Formato: Online Artículo Texto
Lenguaje:English
Publicado: Hindawi 2019
Materias:
Acceso en línea:https://www.ncbi.nlm.nih.gov/pmc/articles/PMC6388343/
https://www.ncbi.nlm.nih.gov/pubmed/30886750
http://dx.doi.org/10.1155/2019/9560592
Descripción
Sumario:Two different drug-coated balloons (DCBs) possessing different coating formulations were compared for rate of coating dissolution in vitro, in addition to tissue drug concentration and histological responses of treated vascular tissue in vivo, to determine if the rate of drug bioavailability to vascular tissue can impact the degree and duration of the observed pharmacological response to locally delivered drug.
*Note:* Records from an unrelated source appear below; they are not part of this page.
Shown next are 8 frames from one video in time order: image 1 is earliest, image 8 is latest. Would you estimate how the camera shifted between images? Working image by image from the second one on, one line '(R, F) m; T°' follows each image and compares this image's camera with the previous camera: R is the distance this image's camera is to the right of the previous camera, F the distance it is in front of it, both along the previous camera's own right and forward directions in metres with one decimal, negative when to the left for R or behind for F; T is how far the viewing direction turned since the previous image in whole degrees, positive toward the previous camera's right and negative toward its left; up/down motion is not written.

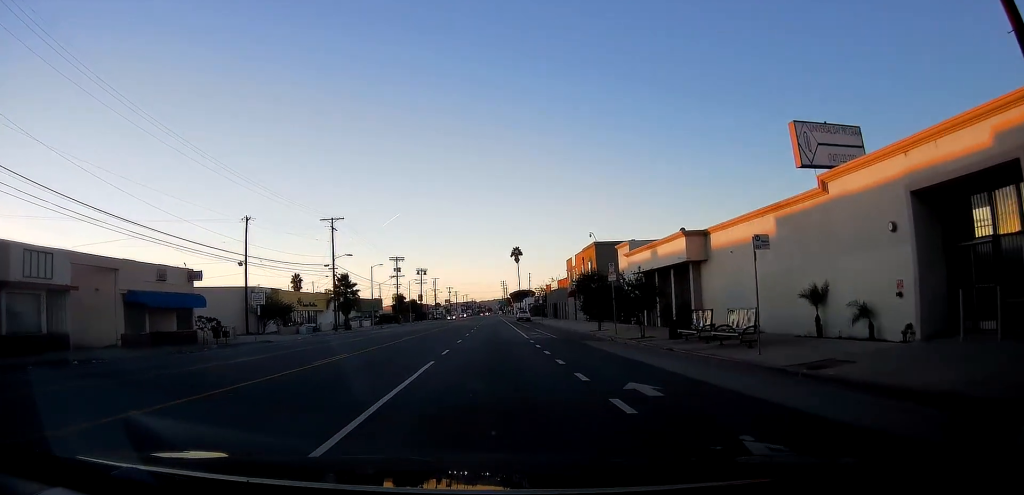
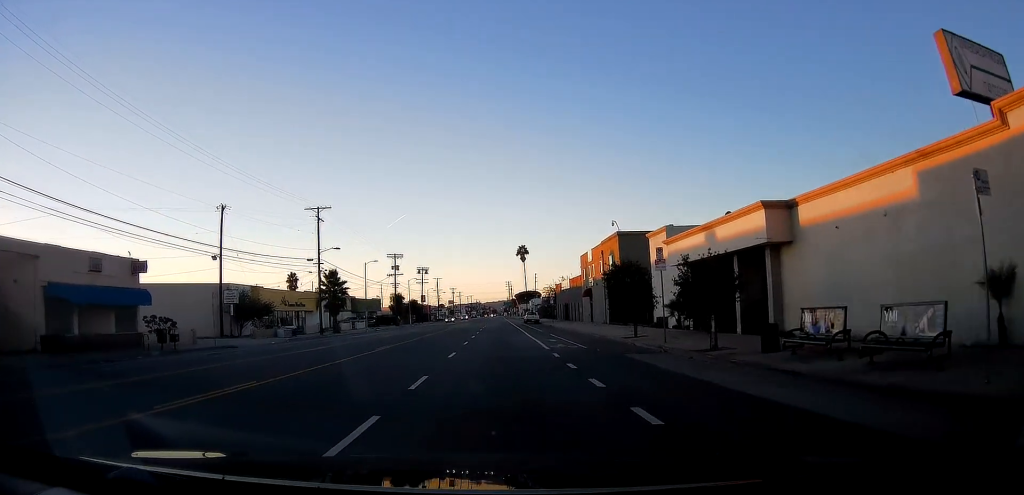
(0.0, +8.0) m; 0°
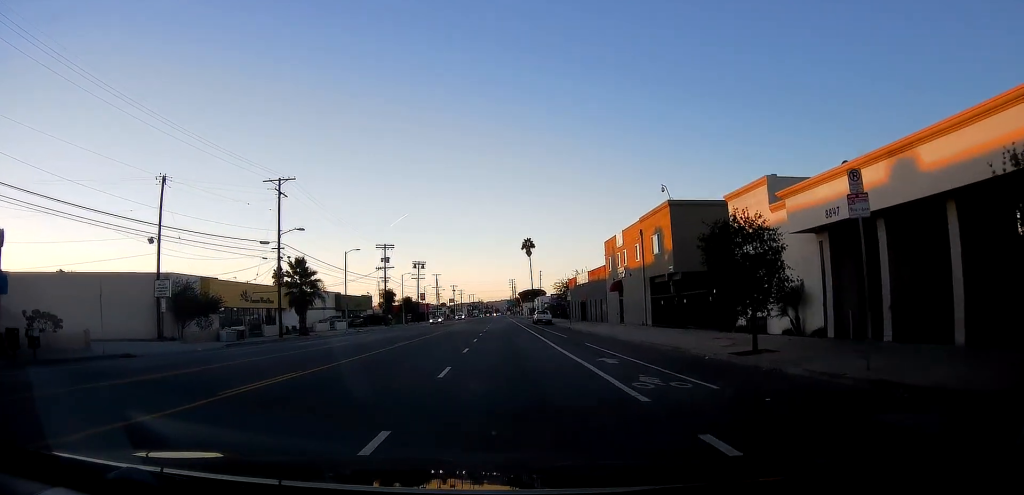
(0.0, +13.1) m; 0°
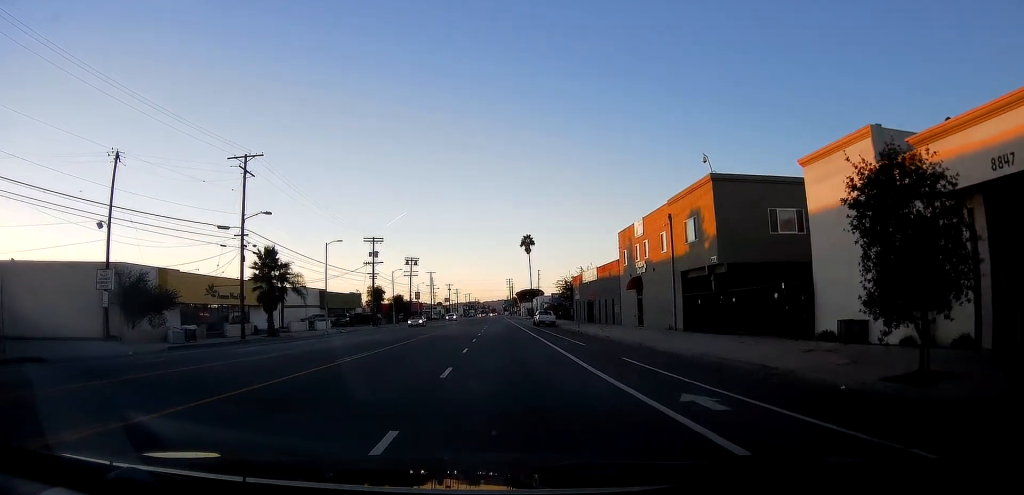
(0.0, +7.3) m; 0°
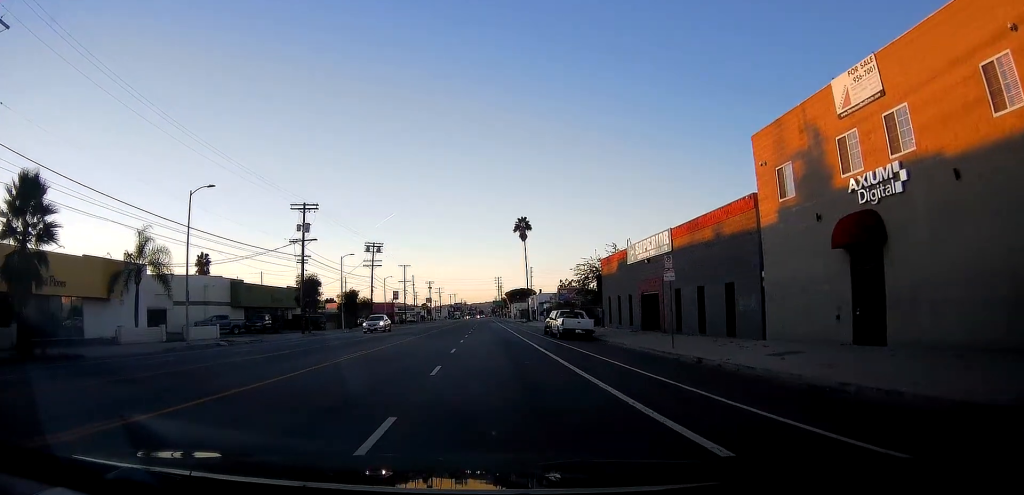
(0.0, +28.6) m; 0°
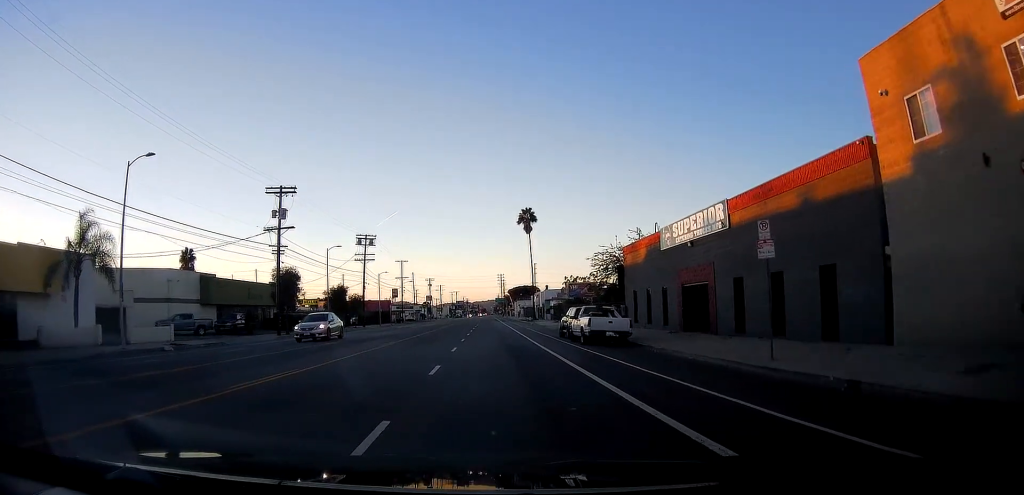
(0.0, +7.6) m; 0°
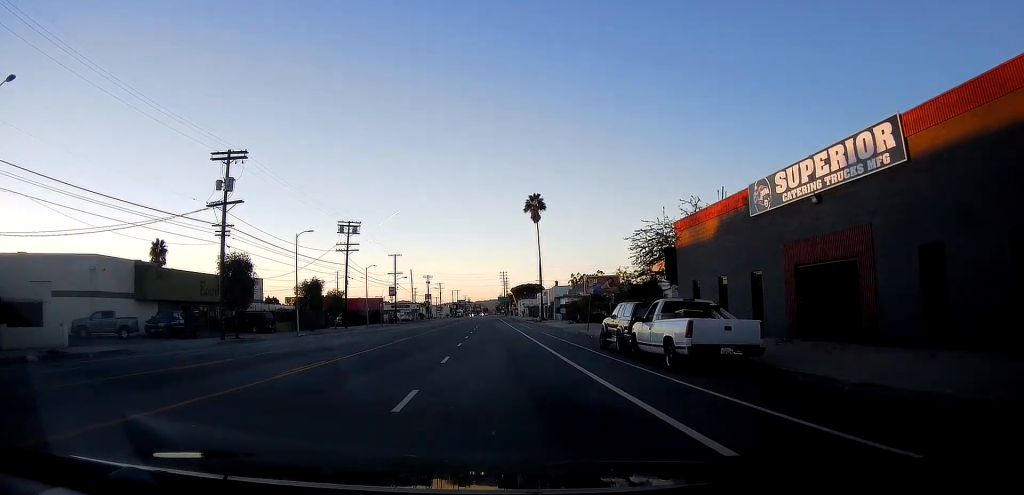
(0.0, +11.8) m; 0°
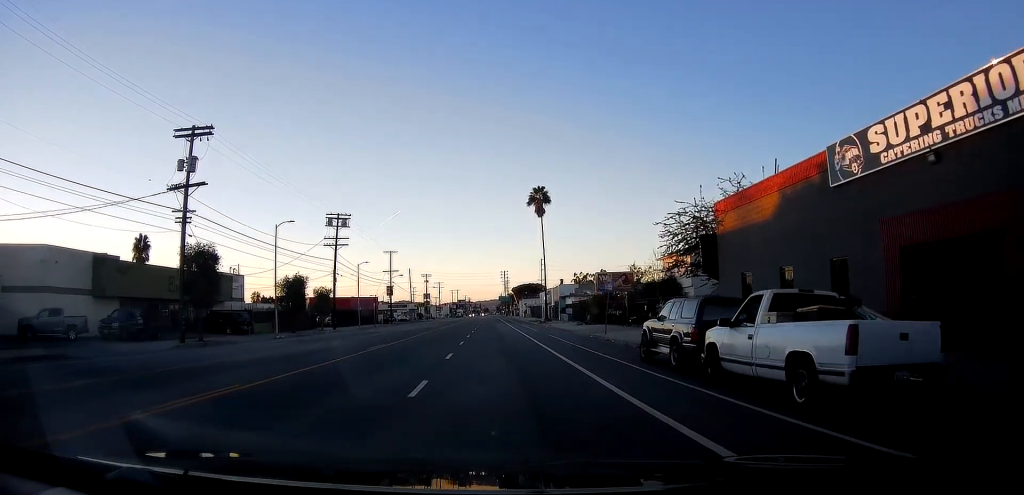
(0.0, +5.8) m; 0°

In vitro dissolution comparison demonstrated that a urea/paclitaxel-based coating formulation (IN.PACT™ Admiral™) released drug from solid to soluble phase at a slower and constant rate, yielding approximately 7% solubilized drug in 24 h. In contrast, a coating formulated from polysorbate/sorbitol/paclitaxel (Lutonix™) released 51% of solid phase drug to soluble phase in 1 h of dissolution with the remainder solubilizing in 24 h. In vivo evaluation of tissue drug concentration of both products showed significantly different tissue pharmacokinetic profile, with a higher concentration of paclitaxel in tissue at 90 days with a urea-based formulation excipient. Histological comparison of smooth muscle cell loss in response to drug exposure revealed contrasting trends of smooth muscle cell loss from 28 to 90 days with significantly higher response to drug observed at 90 days with the urea-based formulation. Rapid dissolution of drug from the polysorbate/sorbitol coating formulation was associated with an early increase in local cellular response to drug which diminished over 90 days with clearance of local drug from tissue. Sustained long-term drug-in-tissue concentration associated with the urea-based formulation demonstrated sustained pharmacological activity at 90 days, suggesting that slow coating dissolution provides a sustainable long-term tissue response.